[Records from a dataset]
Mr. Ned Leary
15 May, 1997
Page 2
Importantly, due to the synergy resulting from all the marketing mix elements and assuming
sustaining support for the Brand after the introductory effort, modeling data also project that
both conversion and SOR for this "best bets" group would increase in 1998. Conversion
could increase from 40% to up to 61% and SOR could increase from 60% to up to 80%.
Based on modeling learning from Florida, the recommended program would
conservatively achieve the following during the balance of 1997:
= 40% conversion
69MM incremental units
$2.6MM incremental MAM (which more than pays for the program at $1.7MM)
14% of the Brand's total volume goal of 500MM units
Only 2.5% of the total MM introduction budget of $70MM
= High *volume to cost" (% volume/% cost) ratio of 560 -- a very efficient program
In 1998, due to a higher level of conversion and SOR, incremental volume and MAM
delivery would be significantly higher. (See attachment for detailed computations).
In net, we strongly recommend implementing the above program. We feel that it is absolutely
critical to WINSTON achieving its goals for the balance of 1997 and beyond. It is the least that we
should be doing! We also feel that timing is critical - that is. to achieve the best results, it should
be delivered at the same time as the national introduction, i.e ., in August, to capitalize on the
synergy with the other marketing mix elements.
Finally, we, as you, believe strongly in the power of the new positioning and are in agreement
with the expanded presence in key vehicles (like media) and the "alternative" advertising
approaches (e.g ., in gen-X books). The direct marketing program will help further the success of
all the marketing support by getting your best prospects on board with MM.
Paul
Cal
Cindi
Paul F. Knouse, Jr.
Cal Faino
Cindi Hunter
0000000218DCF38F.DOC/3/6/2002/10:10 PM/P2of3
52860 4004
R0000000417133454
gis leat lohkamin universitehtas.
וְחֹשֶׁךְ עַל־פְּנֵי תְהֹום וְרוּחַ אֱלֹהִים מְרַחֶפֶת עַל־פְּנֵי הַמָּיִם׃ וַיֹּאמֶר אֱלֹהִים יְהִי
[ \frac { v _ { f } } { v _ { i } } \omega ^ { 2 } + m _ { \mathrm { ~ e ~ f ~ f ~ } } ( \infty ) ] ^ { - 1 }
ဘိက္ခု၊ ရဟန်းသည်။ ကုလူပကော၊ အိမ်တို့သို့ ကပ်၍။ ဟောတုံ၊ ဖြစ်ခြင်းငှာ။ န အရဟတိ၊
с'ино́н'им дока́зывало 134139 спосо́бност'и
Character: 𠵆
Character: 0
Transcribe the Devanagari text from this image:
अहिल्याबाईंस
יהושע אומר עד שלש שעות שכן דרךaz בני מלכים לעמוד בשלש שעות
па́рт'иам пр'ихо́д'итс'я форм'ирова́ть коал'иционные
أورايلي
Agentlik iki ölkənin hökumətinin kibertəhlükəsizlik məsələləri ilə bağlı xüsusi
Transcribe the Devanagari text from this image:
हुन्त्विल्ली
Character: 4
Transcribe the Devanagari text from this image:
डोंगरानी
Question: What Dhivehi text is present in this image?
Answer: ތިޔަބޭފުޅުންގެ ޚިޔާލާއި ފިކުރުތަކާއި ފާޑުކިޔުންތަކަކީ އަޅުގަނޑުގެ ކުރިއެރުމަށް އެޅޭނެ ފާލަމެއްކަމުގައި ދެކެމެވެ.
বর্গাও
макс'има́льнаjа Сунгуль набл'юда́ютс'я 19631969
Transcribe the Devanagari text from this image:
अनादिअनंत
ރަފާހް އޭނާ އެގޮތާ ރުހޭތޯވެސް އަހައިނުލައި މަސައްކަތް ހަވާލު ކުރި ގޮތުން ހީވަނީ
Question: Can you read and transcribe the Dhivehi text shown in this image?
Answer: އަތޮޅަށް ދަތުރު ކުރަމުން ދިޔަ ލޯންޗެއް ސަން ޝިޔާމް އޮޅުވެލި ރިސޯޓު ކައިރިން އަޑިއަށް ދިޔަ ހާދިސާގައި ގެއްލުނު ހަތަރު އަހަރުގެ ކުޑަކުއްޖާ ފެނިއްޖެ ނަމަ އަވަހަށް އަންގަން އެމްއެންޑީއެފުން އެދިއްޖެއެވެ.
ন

### Problem:
Make an exact transcription of the entries.

### Solution for this exercise:
Mr. Ned Leary
15 May, 1997
Page 2
Importantly, due to the synergy resulting from all the marketing mix elements and assuming
sustaining support for the Brand after the introductory effort, modeling data also project that
both conversion and SOR for this "best bets" group would increase in 1998. Conversion
could increase from 40% to up to 61% and SOR could increase from 60% to up to 80%.
Based on modeling learning from Florida, the recommended program would
conservatively achieve the following during the balance of 1997:
= 40% conversion
69MM incremental units
$2.6MM incremental MAM (which more than pays for the program at $1.7MM)
14% of the Brand's total volume goal of 500MM units
Only 2.5% of the total MM introduction budget of $70MM
= High *volume to cost" (% volume/% cost) ratio of 560 -- a very efficient program
In 1998, due to a higher level of conversion and SOR, incremental volume and MAM
delivery would be significantly higher. (See attachment for detailed computations).
In net, we strongly recommend implementing the above program. We feel that it is absolutely
critical to WINSTON achieving its goals for the balance of 1997 and beyond. It is the least that we
should be doing! We also feel that timing is critical - that is. to achieve the best results, it should
be delivered at the same time as the national introduction, i.e ., in August, to capitalize on the
synergy with the other marketing mix elements.
Finally, we, as you, believe strongly in the power of the new positioning and are in agreement
with the expanded presence in key vehicles (like media) and the "alternative" advertising
approaches (e.g ., in gen-X books). The direct marketing program will help further the success of
all the marketing support by getting your best prospects on board with MM.
Paul
Cal
Cindi
Paul F. Knouse, Jr.
Cal Faino
Cindi Hunter
0000000218DCF38F.DOC/3/6/2002/10:10 PM/P2of3
52860 4004
R0000000417133454
gis leat lohkamin universitehtas.
וְחֹשֶׁךְ עַל־פְּנֵי תְהֹום וְרוּחַ אֱלֹהִים מְרַחֶפֶת עַל־פְּנֵי הַמָּיִם׃ וַיֹּאמֶר אֱלֹהִים יְהִי
[ \frac { v _ { f } } { v _ { i } } \omega ^ { 2 } + m _ { \mathrm { ~ e ~ f ~ f ~ } } ( \infty ) ] ^ { - 1 }
ဘိက္ခု၊ ရဟန်းသည်။ ကုလူပကော၊ အိမ်တို့သို့ ကပ်၍။ ဟောတုံ၊ ဖြစ်ခြင်းငှာ။ န အရဟတိ၊
с'ино́н'им дока́зывало 134139 спосо́бност'и
Character: 𠵆
Character: 0
Transcribe the Devanagari text from this image:
अहिल्याबाईंस
יהושע אומר עד שלש שעות שכן דרךaz בני מלכים לעמוד בשלש שעות
па́рт'иам пр'ихо́д'итс'я форм'ирова́ть коал'иционные
أورايلي
Agentlik iki ölkənin hökumətinin kibertəhlükəsizlik məsələləri ilə bağlı xüsusi
Transcribe the Devanagari text from this image:
हुन्त्विल्ली
Character: 4
Transcribe the Devanagari text from this image:
डोंगरानी
Question: What Dhivehi text is present in this image?
Answer: ތިޔަބޭފުޅުންގެ ޚިޔާލާއި ފިކުރުތަކާއި ފާޑުކިޔުންތަކަކީ އަޅުގަނޑުގެ ކުރިއެރުމަށް އެޅޭނެ ފާލަމެއްކަމުގައި ދެކެމެވެ.
বর্গাও
макс'има́льнаjа Сунгуль набл'юда́ютс'я 19631969
Transcribe the Devanagari text from this image:
अनादिअनंत
ރަފާހް އޭނާ އެގޮތާ ރުހޭތޯވެސް އަހައިނުލައި މަސައްކަތް ހަވާލު ކުރި ގޮތުން ހީވަނީ
Question: Can you read and transcribe the Dhivehi text shown in this image?
Answer: އަތޮޅަށް ދަތުރު ކުރަމުން ދިޔަ ލޯންޗެއް ސަން ޝިޔާމް އޮޅުވެލި ރިސޯޓު ކައިރިން އަޑިއަށް ދިޔަ ހާދިސާގައި ގެއްލުނު ހަތަރު އަހަރުގެ ކުޑަކުއްޖާ ފެނިއްޖެ ނަމަ އަވަހަށް އަންގަން އެމްއެންޑީއެފުން އެދިއްޖެއެވެ.
ন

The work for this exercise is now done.